# Opinions on project bogger



## Guest (Oct 26, 2009)

I currently am running a 2008 RZR . I have a 3 inch lift and 29.5 Outlaws when I run mud. 28" Super Swamper TSLs on the trails and roads. I want to begin doing more mud runs here in Michigan and have thought about picking up a 800 Sportsm and or other big bore quad for a bogger project but have not found one in my price range. So how about some opinions? 

Option A: Save the cash and put it into the RZR. Go with like a 4 " lift so it remains trailable. Maybe put some into motor and such.

Option B: Leave the RZR as is and but a used big bore ATV for a bogger.

I run mostly for the fun of it but want to be competitive in whatever class I run. Money is a factor as it is with most all of us as is the ability to run long trail rides. We have frequently done rides over 100 miles round trip so reliability is a must. 

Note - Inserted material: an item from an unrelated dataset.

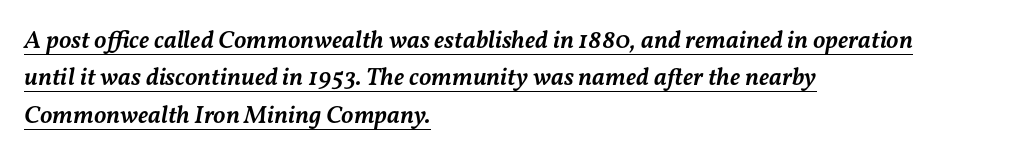
Nothing unusual about the tracking: characters are spaced as the font intends. Firm but not heavy-handed strokes: this text is semibold. An italicized treatment has been applied to the whole sample. The designer left line spacing at the default.
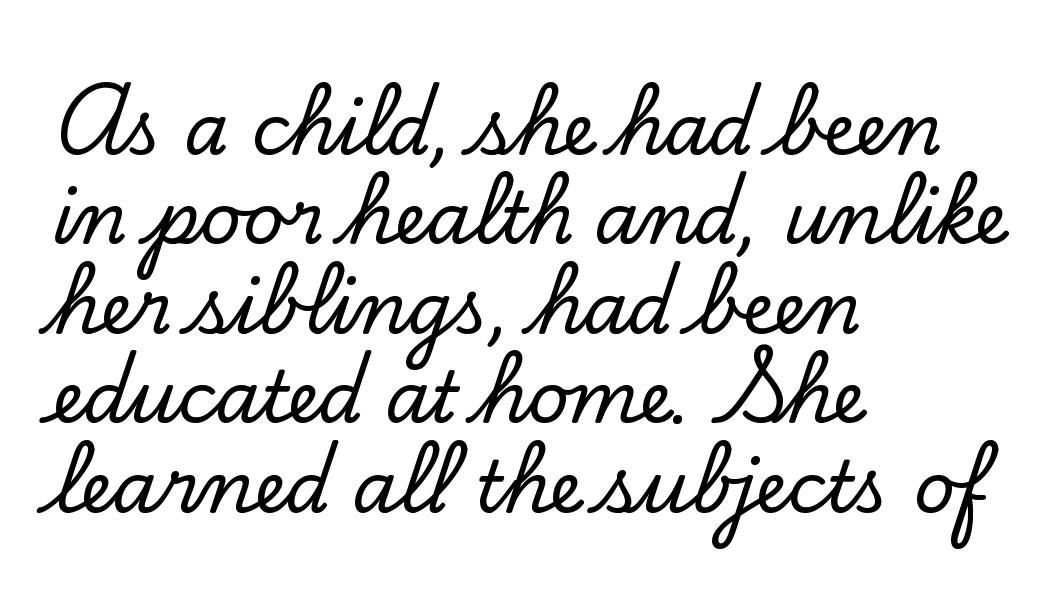
Think of a printed novel: that variable character pitch is what you see here. The type family on display is of the serif kind. Only glyphs here, with clear space below each row.
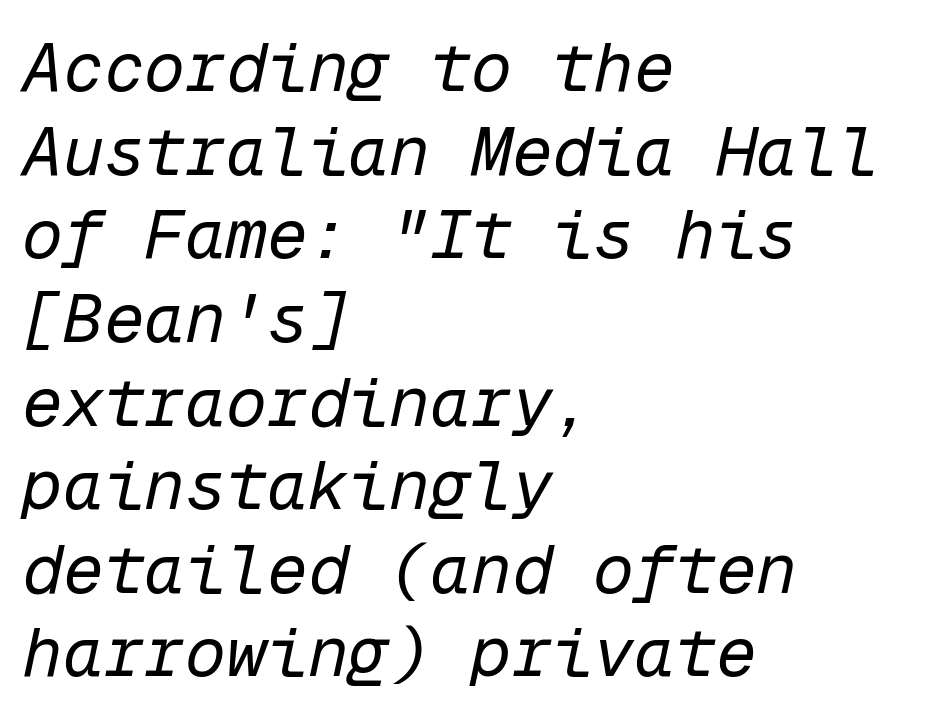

Just interested in some opinions from you guys and girls here at MIMB. 
I look forward to hearing from you all. Thanks for your time.


----------



## Bootlegger (Dec 18, 2008)

If it was me I would get me an older big bore to mess with. I would love to have an older Prairie 650 or 700 to play with. You should try racing with the EDL's I think they bite the bottom of the pit better than any tire out. also...I am sending you a PM.


----------



## phreebsd (Dec 16, 2004)

i think the special purpose built bike would be the best solution as a winning pit bike wont be a good 100 mile trail machine.


----------